Chris: There's this accessibility blog out there that I can't remember it. I'm not sure I would name and shame on the show anyway, but everything they post, I feel like, gets hammered by the accessibility community. You know what I mean?
Chris: There was a post on there that had this blue as a classic example. It's like a pretty light blue and you look at white text on it and you're like, "That looks pretty good," but it actually fails WCAG or whatever. You look at black text on it and it totally doesn't read well, but it passes. Is that what he's talking about here?
Dave: This one is actually -- that one is more like subjective.
Dave: Like, "Uh, accessibility is ruining my design."
Chris: Yeah. Right, right.
Dave: Like blaming the standard. Does that make sense? This one is more evidence-driven, if that makes sense. This is more like, "Hey, I legitimately think the contrast algorithm is wrong." I think even some of this stuff, all these color functions and stuff like that, I think they could all play into having a better set of color standards or even groups, or just even thinking around what are accessible colors and how do we make colors and create colors on the Web and stuff like that.
Chris: Yeah. yeah.
Dave: Anyway, that's the….
I see this all the time.
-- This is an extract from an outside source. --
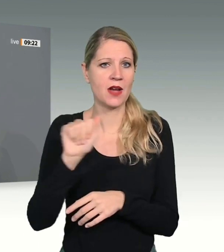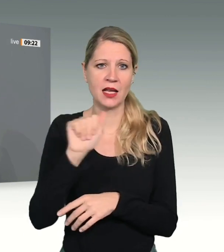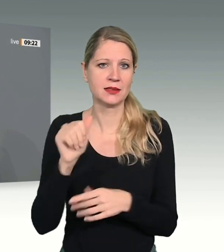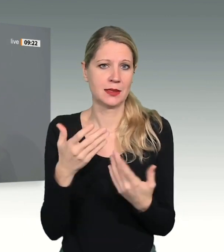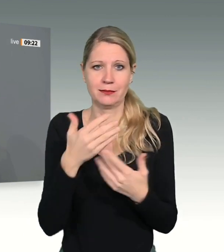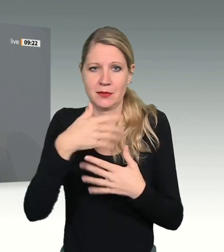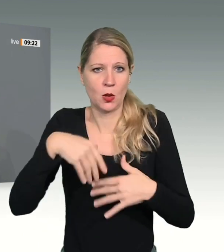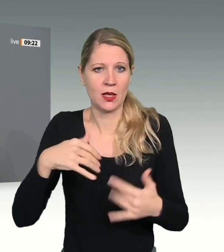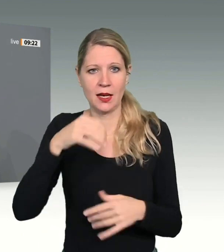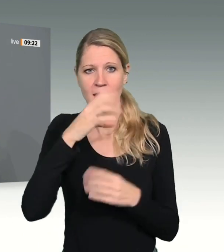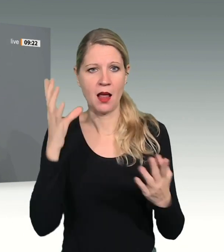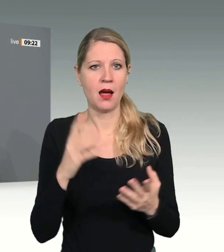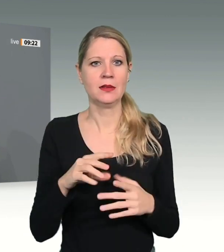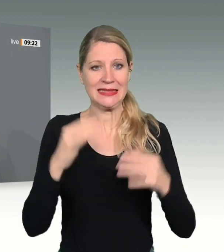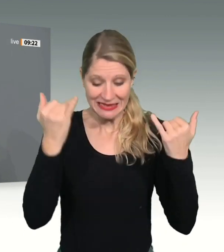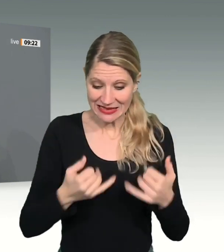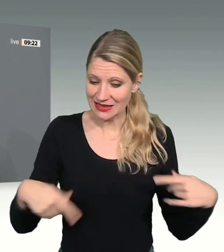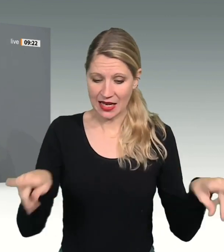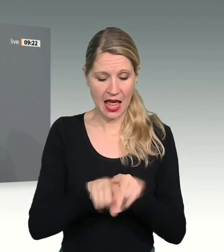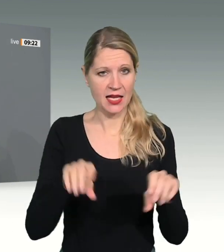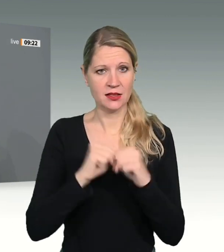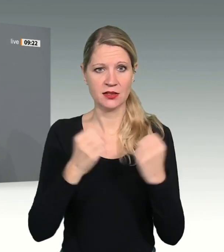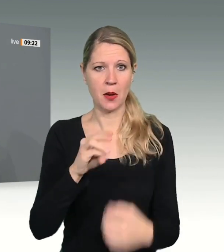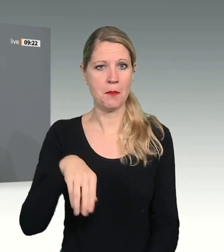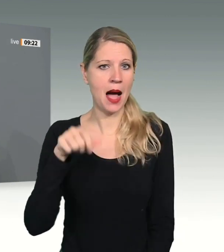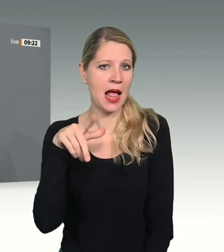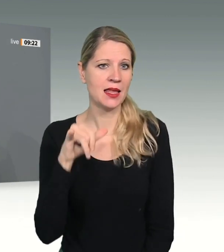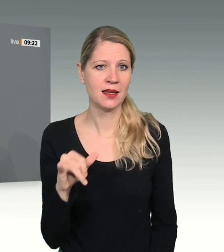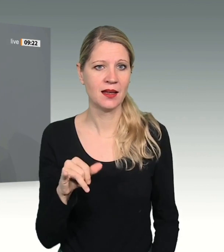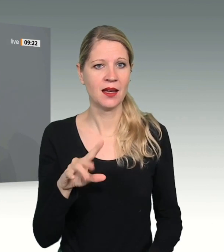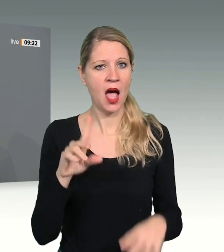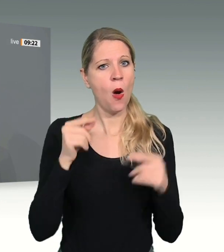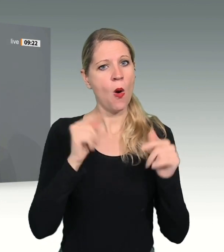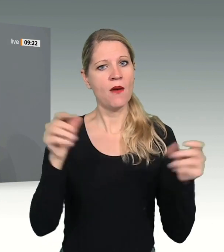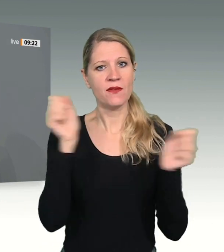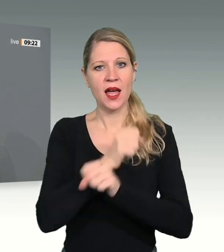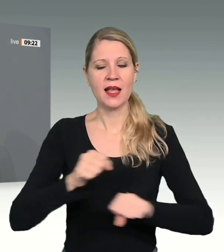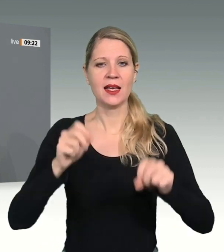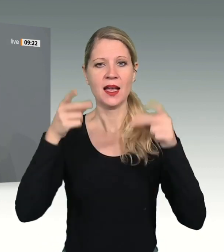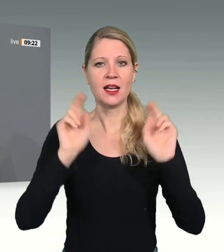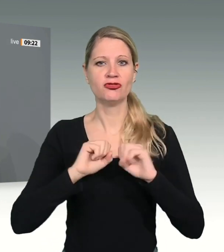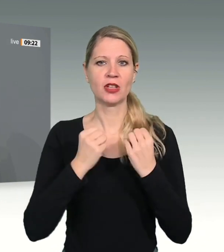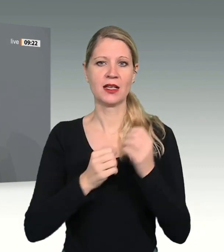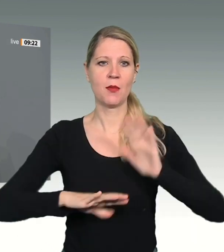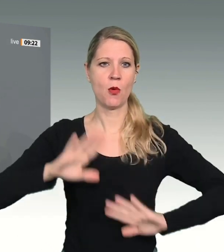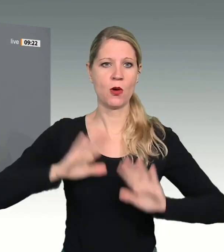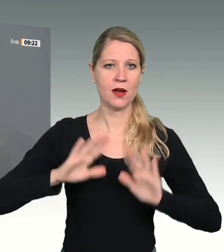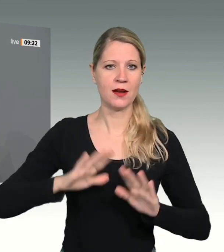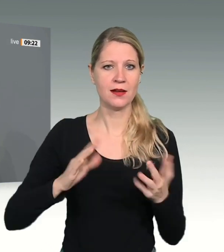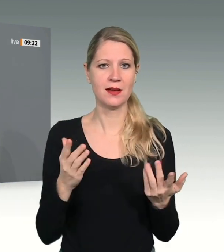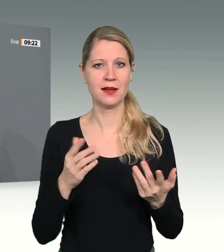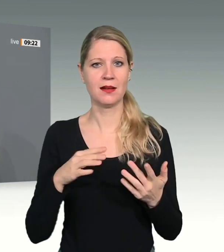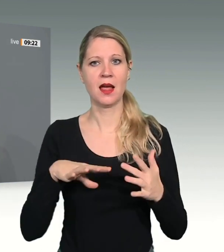wir nach dem richtigen Maß an Respekt vor unterschiedlichen Kulturen, Traditionen und

I have guest posts getting written to me all the time. One that we just published about using Sass to mathematically calculate a color system that is based on accessible colors. I have another one in the pipeline of somebody doing the same kind of thing. People are really trying to approach color scientifically, more and more and more and more.
Give us LAB color. We'll take it.
Chris: If it enables this stuff. I don't even get it. I don't even understand what the numbers in the LAB function are but, apparently, they're better.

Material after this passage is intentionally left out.